The President has declared that effective at 12:01 a.m. on February 4, all products originating from Canada will be subject to an additional 25% tariff, which are to be paid by U.S. importers.

This will apply to all imports, except for goods entered the United States before 12:01 a.m. Eastern Time on February 1, 2025. Such goods, once loaded onto a vessel at the port of departure or in transit on the final mode of transport prior to entry, will not be subject to the additional tariff, provided the importer certifies this per the Federal Register Notice. (Note: this notice has not been published at the time of writing; we will share details as soon as they are available.)

Additionally, de minimis entries of goods from Canada are now suspended, meaning there will be no more Section 321 entries valued under $800. As a result, a broker will be required to file an entry for any goods from Canada to the U.S., regardless of value.

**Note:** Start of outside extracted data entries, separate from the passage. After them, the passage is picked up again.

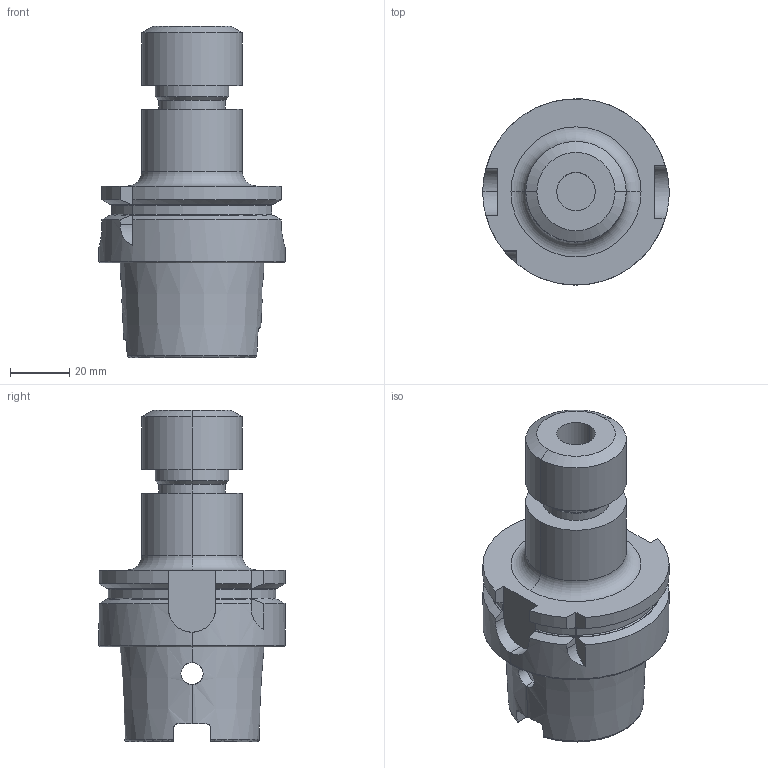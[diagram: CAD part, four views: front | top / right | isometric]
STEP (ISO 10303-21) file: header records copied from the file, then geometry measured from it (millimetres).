
FILE_DESCRIPTION (( 'STEP AP203' ), '1' );
FILE_NAME ('STP-31440.STEP', '2018-09-25T05:12:06', ( '' ), ( '' ), 'SwSTEP 2.0', 'SolidWorks 2015', '' );
FILE_SCHEMA (( 'CONFIG_CONTROL_DESIGN' ));
Length unit declared in the file: millimetre
Products named in the file (1): STP-31440
Bounding box: 63 x 63 x 112 mm (x, y, z)
Volume: 126817.2 mm3; surface area: 28772.3 mm2
Topology: 1 solids, 1 shells, 106 faces, 275 edges, 173 vertices
Faces by surface type: cylinder 38, plane 30, torus 22, cone 16
Entity records: 3850 total; most frequent: CARTESIAN_POINT 1208, ORIENTED_EDGE 550, DIRECTION 535, EDGE_CURVE 275, AXIS2_PLACEMENT_3D 218, VERTEX_POINT 173, EDGE_LOOP 112, CIRCLE 111
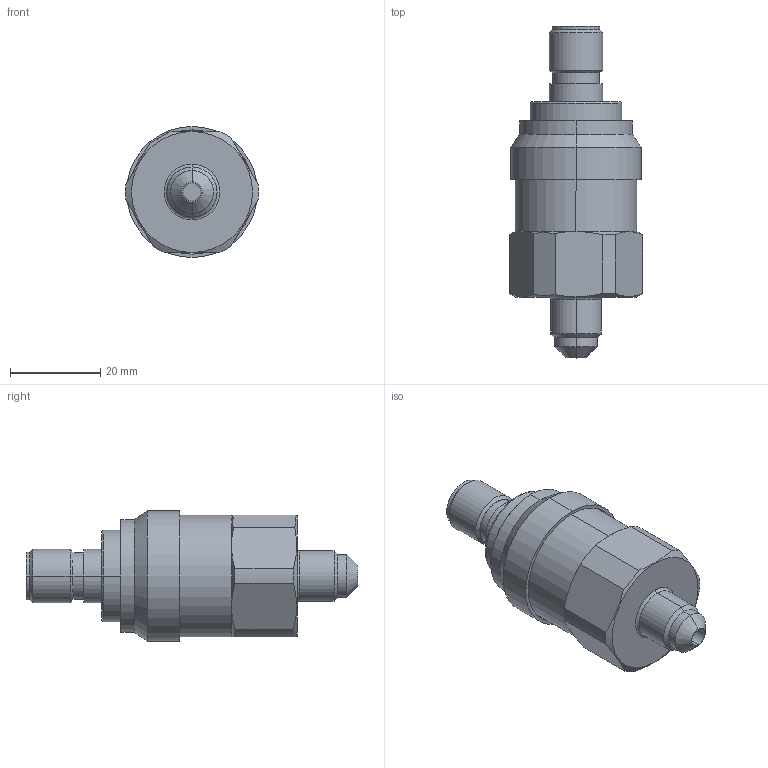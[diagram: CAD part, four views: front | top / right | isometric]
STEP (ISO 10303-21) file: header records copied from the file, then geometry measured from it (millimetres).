
FILE_DESCRIPTION (( 'STEP AP214' ), '1' );
FILE_NAME ('828X.XX.XX.18.35.STEP', '2017-07-03T13:44:56', ( 'upgadmin' ), ( 'Hewlett-Packard Company' ), 'SwSTEP 2.0', 'SolidWorks 2016', '' );
FILE_SCHEMA (( 'AUTOMOTIVE_DESIGN' ));
Length unit declared in the file: millimetre
Products named in the file (7): M12x1; 18_C30065; Bördelmutter_C24031; 828X.XX.XX.18.35; Bördelmutter
Assembly tree (3 placements, depth 2):
  M12x1
  828X.XX.XX.18.35
    18_C30065
    Bördelmutter_C24031
    M12x1
  18_C30065
  Bördelmutter
Bounding box: 29.48 x 73.5 x 29 mm (x, y, z)
Volume: 26481.8 mm3; surface area: 10170.8 mm2
Topology: 3 solids, 3 shells, 148 faces, 306 edges, 182 vertices
Faces by surface type: cylinder 56, plane 34, torus 30, cone 28
Entity records: 4670 total; most frequent: DIRECTION 784, CARTESIAN_POINT 779, ORIENTED_EDGE 612, AXIS2_PLACEMENT_3D 345, EDGE_CURVE 306, CIRCLE 190, VERTEX_POINT 182, EDGE_LOOP 168

Energy resources, primarily petroleum products, will be subject to a 10% duty rate. The duties established by this order are in addition to any other applicable duties, fees, or charges on these imported articles.

Effective February 4, 2025, the Canadian government is imposing 25% tariffs on $30 billion in goods imported from the United States (U.S.). These goods include – but are not limited to – products such as orange juice, peanut butter, wine, spirits, beer, coffee, appliances, apparel, footwear, motorcycles, cosmetics, and pulp and paper. Additional imported goods will be subject to the new tariff later this month after consultation with Canadian industry, and a list of impacted products will be made available at that time. These tariffs only apply to goods originating from the U.S. and these countermeasures are effective immediately and will remain in place until the U.S. eliminates its tariffs against Canada.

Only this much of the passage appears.